Material for this exercise →
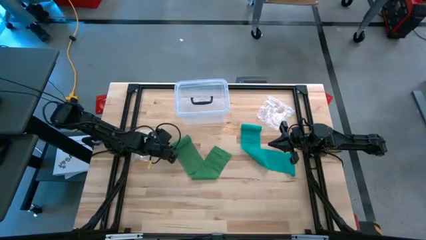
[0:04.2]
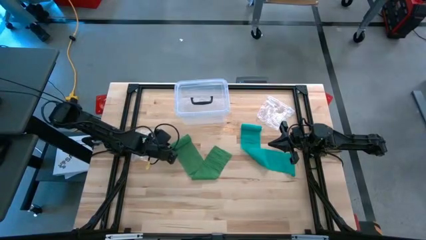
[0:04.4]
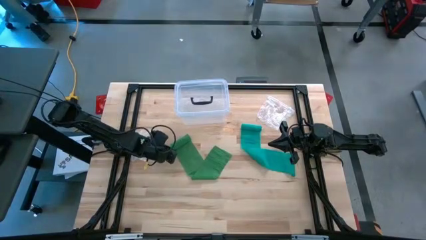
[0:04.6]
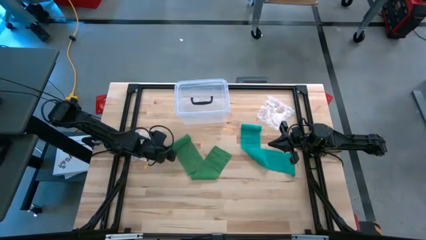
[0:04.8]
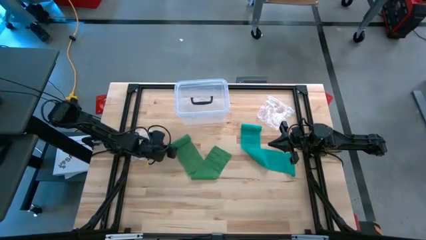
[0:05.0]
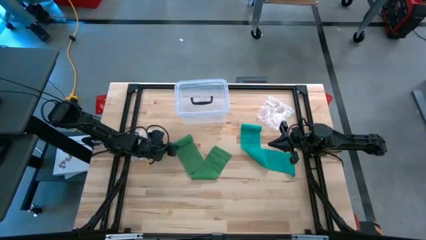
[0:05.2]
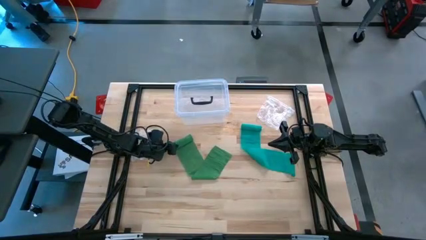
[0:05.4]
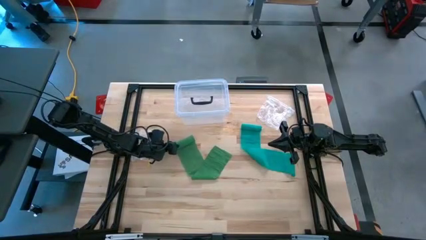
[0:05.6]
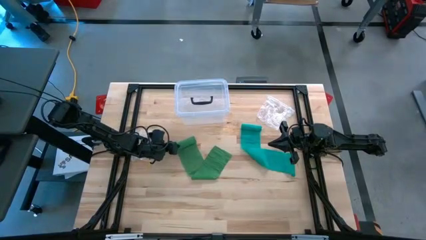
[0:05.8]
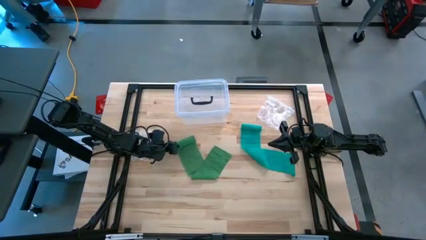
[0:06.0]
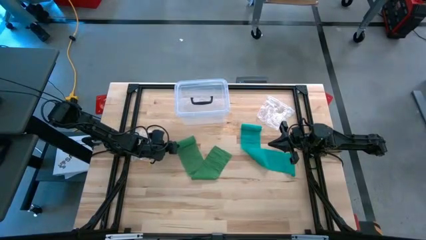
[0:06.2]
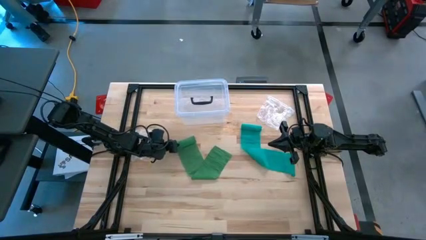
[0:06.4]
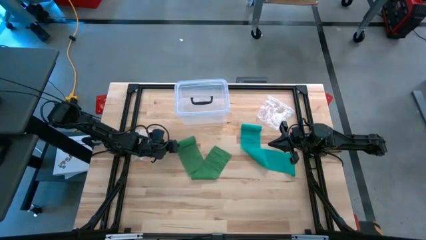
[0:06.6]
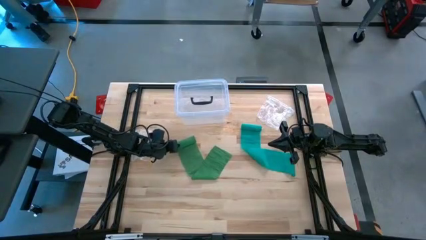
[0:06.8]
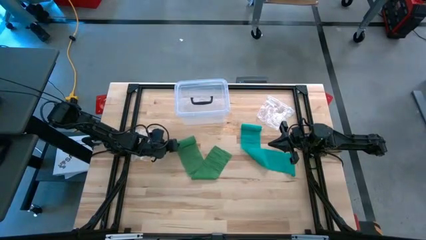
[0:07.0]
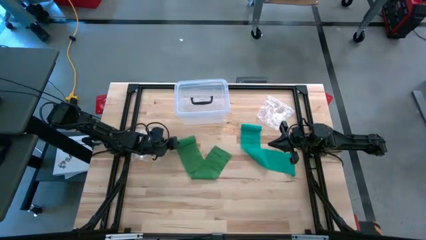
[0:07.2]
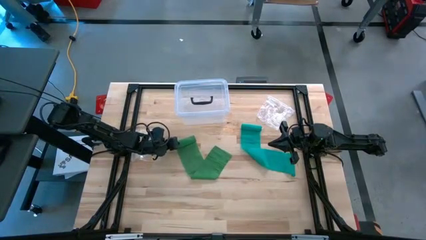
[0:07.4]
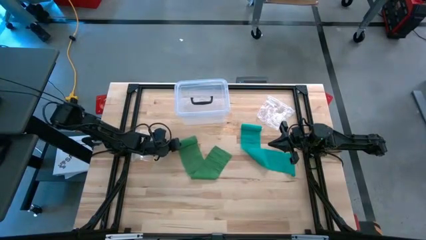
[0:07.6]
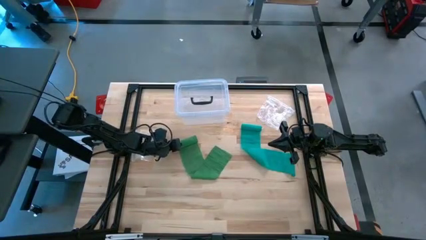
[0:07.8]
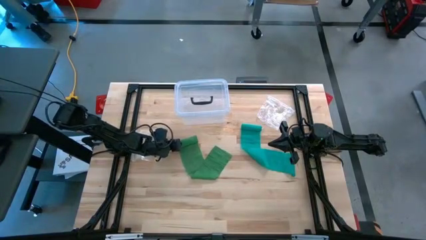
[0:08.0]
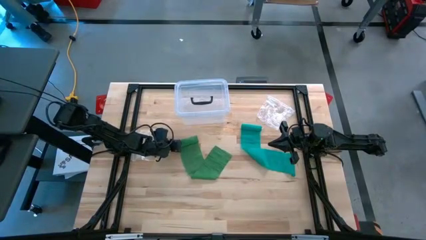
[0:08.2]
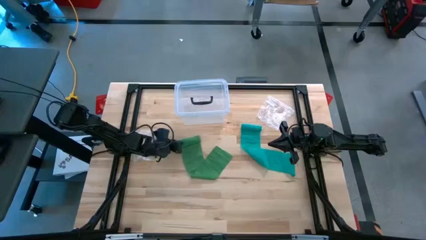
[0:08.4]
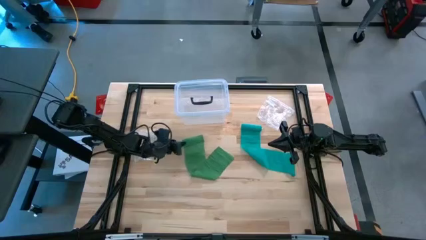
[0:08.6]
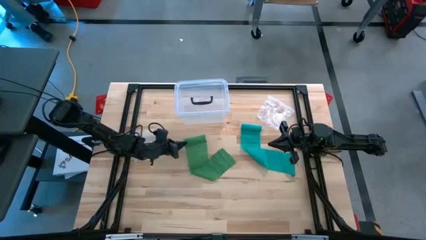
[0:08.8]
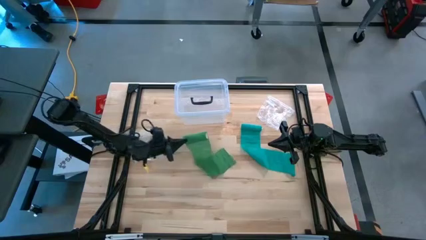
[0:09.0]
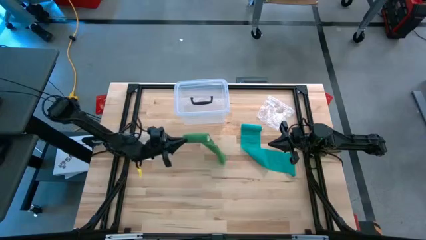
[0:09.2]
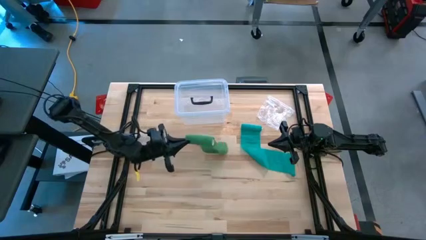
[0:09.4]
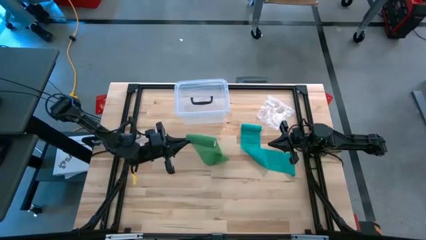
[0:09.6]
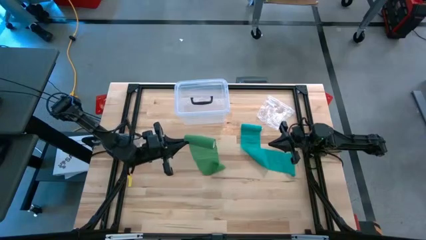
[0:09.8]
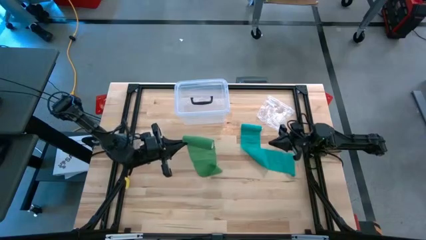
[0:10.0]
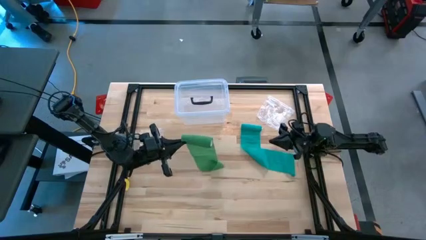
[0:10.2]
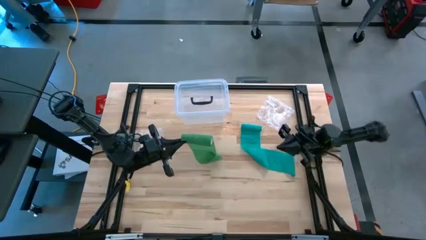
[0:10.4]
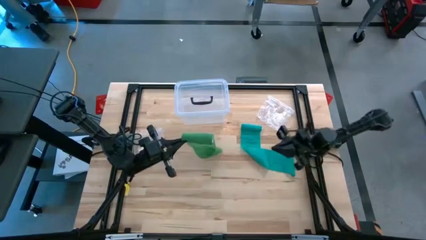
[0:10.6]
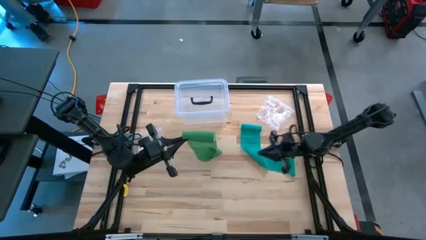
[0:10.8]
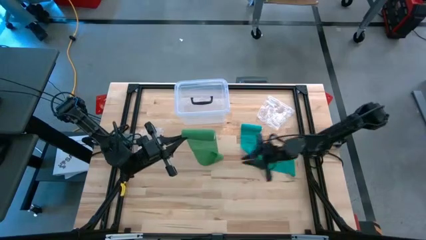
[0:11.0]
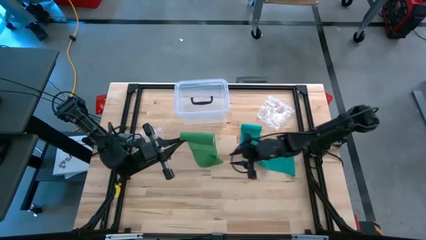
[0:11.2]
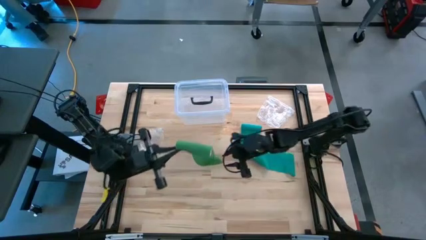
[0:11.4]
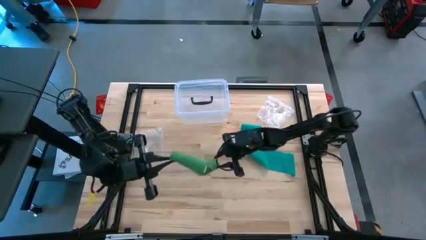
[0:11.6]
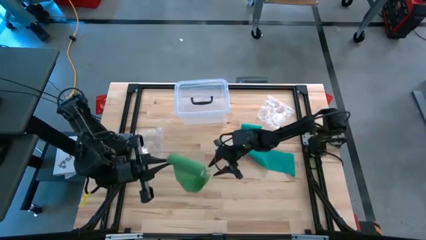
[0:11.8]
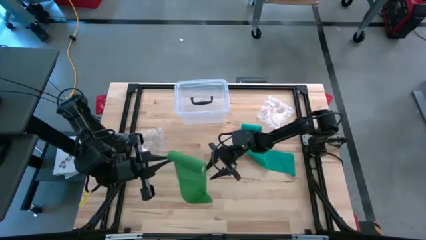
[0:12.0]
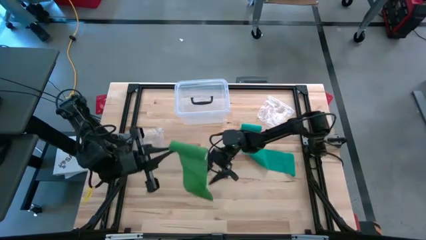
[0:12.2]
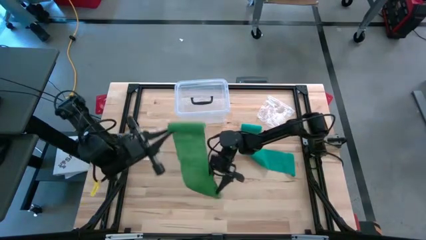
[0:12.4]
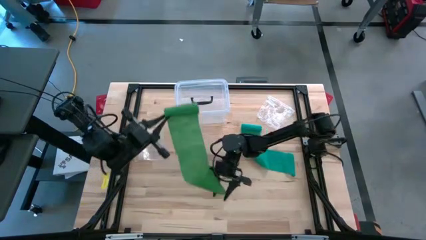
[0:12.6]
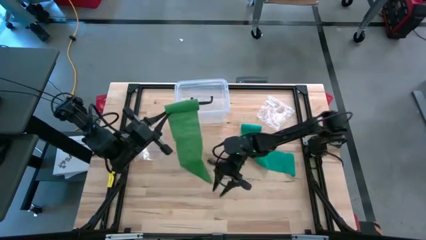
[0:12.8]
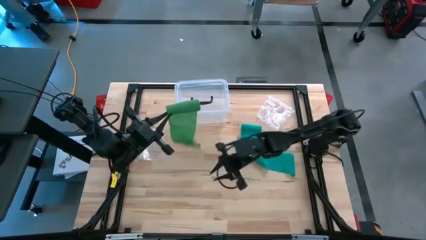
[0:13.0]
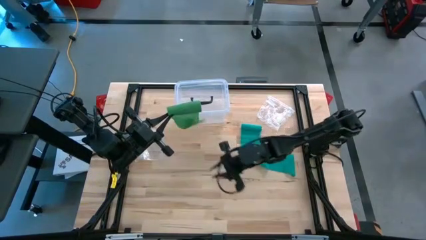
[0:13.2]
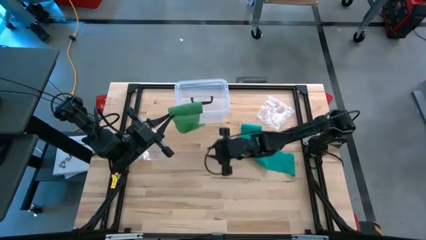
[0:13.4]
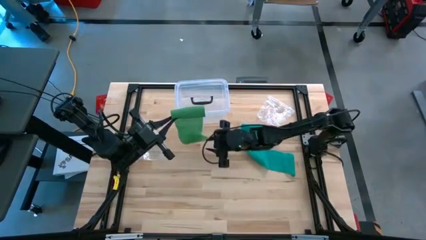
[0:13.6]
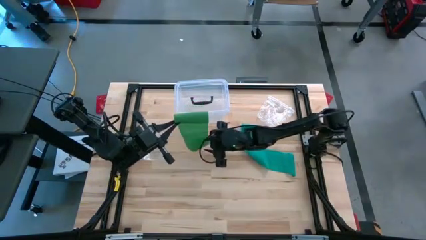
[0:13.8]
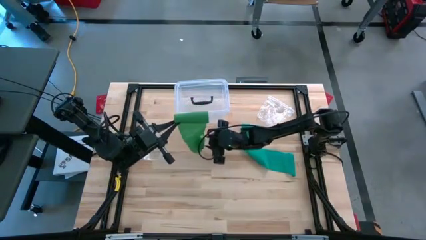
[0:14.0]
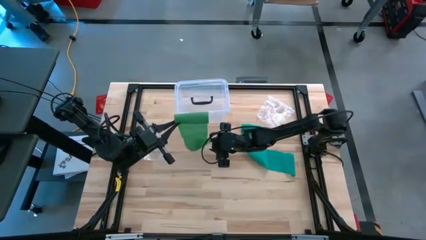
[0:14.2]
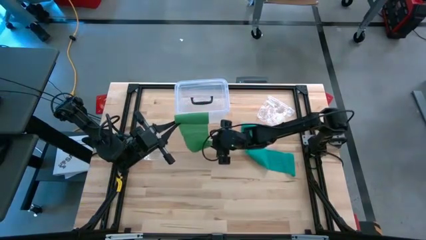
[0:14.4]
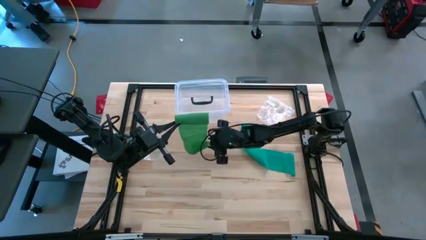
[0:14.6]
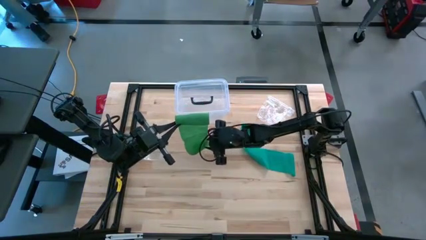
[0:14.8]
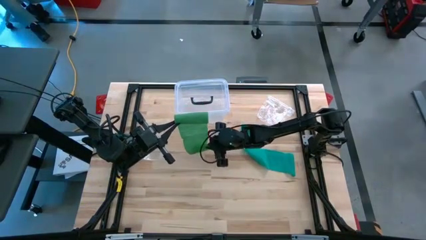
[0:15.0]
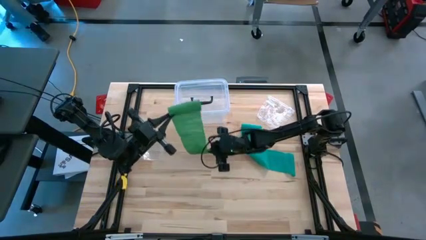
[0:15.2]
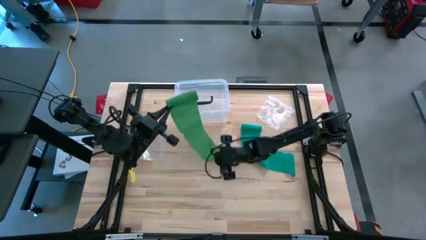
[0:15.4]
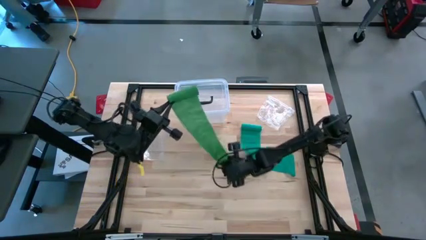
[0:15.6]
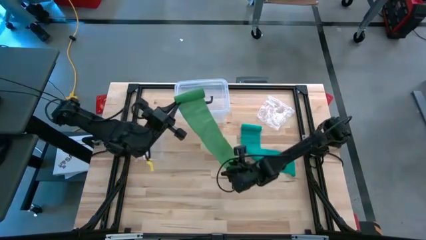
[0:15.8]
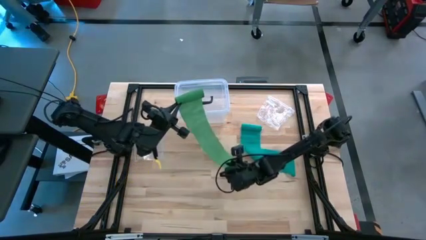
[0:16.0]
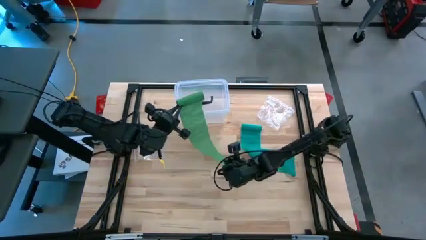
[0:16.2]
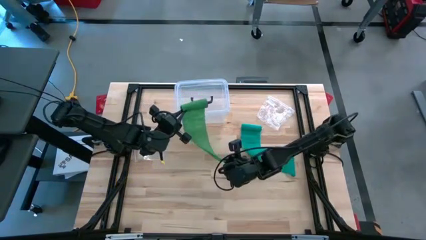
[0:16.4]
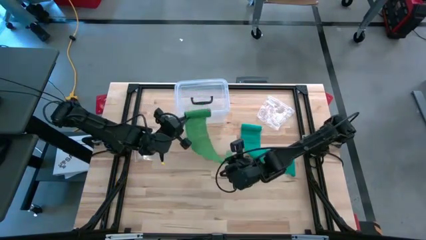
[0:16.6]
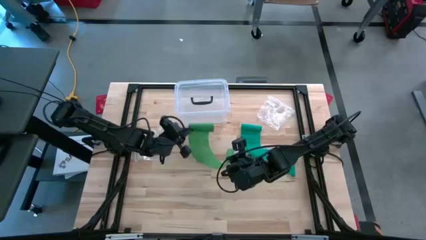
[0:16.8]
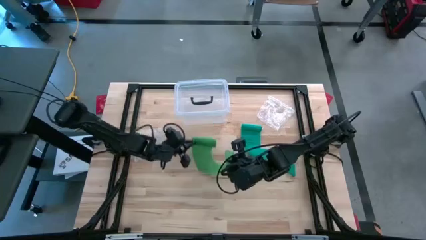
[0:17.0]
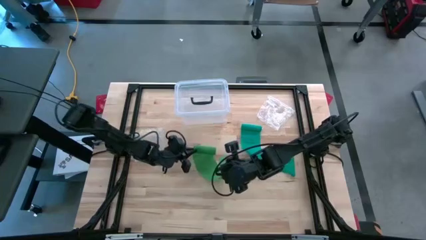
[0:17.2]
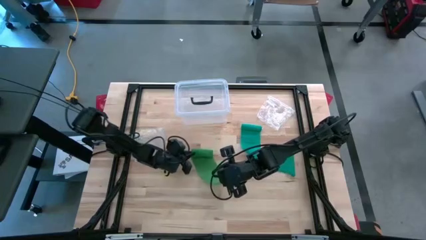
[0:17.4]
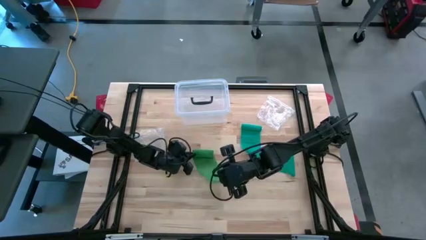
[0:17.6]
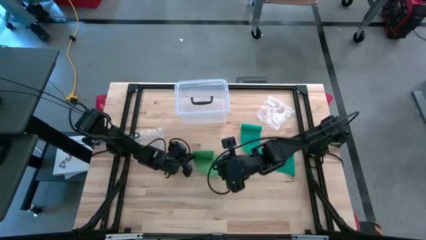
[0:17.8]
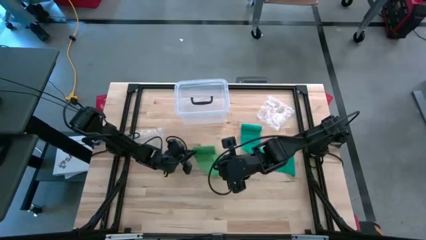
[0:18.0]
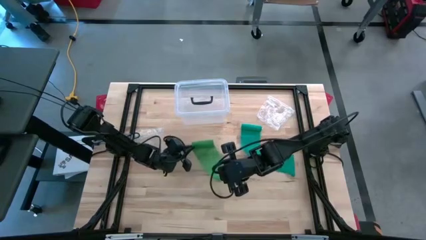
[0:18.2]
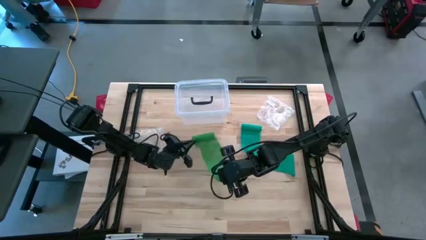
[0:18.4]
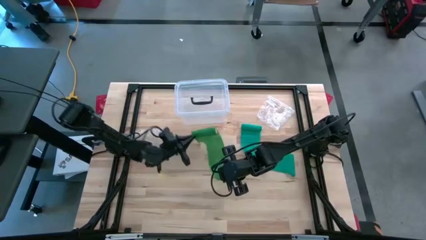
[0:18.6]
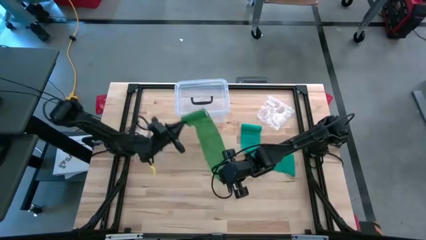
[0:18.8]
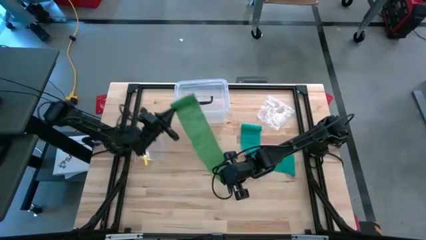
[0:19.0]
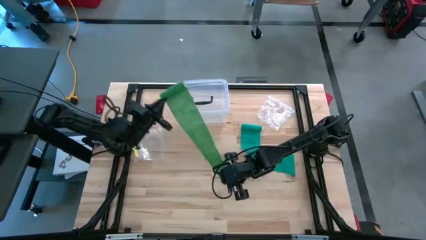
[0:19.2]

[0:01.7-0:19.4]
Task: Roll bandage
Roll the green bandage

Your assignment → When you reproduce the data shown above, keep each line exact and omit every picture.

Solution to this task →
[0:04.2]
[0:04.4]
[0:04.6]
[0:04.8]
[0:05.0]
[0:05.2]
[0:05.4]
[0:05.6]
[0:05.8]
[0:06.0]
[0:06.2]
[0:06.4]
[0:06.6]
[0:06.8]
[0:07.0]
[0:07.2]
[0:07.4]
[0:07.6]
[0:07.8]
[0:08.0]
[0:08.2]
[0:08.4]
[0:08.6]
[0:08.8]
[0:09.0]
[0:09.2]
[0:09.4]
[0:09.6]
[0:09.8]
[0:10.0]
[0:10.2]
[0:10.4]
[0:10.6]
[0:10.8]
[0:11.0]
[0:11.2]
[0:11.4]
[0:11.6]
[0:11.8]
[0:12.0]
[0:12.2]
[0:12.4]
[0:12.6]
[0:12.8]
[0:13.0]
[0:13.2]
[0:13.4]
[0:13.6]
[0:13.8]
[0:14.0]
[0:14.2]
[0:14.4]
[0:14.6]
[0:14.8]
[0:15.0]
[0:15.2]
[0:15.4]
[0:15.6]
[0:15.8]
[0:16.0]
[0:16.2]
[0:16.4]
[0:16.6]
[0:16.8]
[0:17.0]
[0:17.2]
[0:17.4]
[0:17.6]
[0:17.8]
[0:18.0]
[0:18.2]
[0:18.4]
[0:18.6]
[0:18.8]
[0:19.0]
[0:19.2]

[0:01.7-0:19.4]
Task: Roll bandage
Roll the green bandage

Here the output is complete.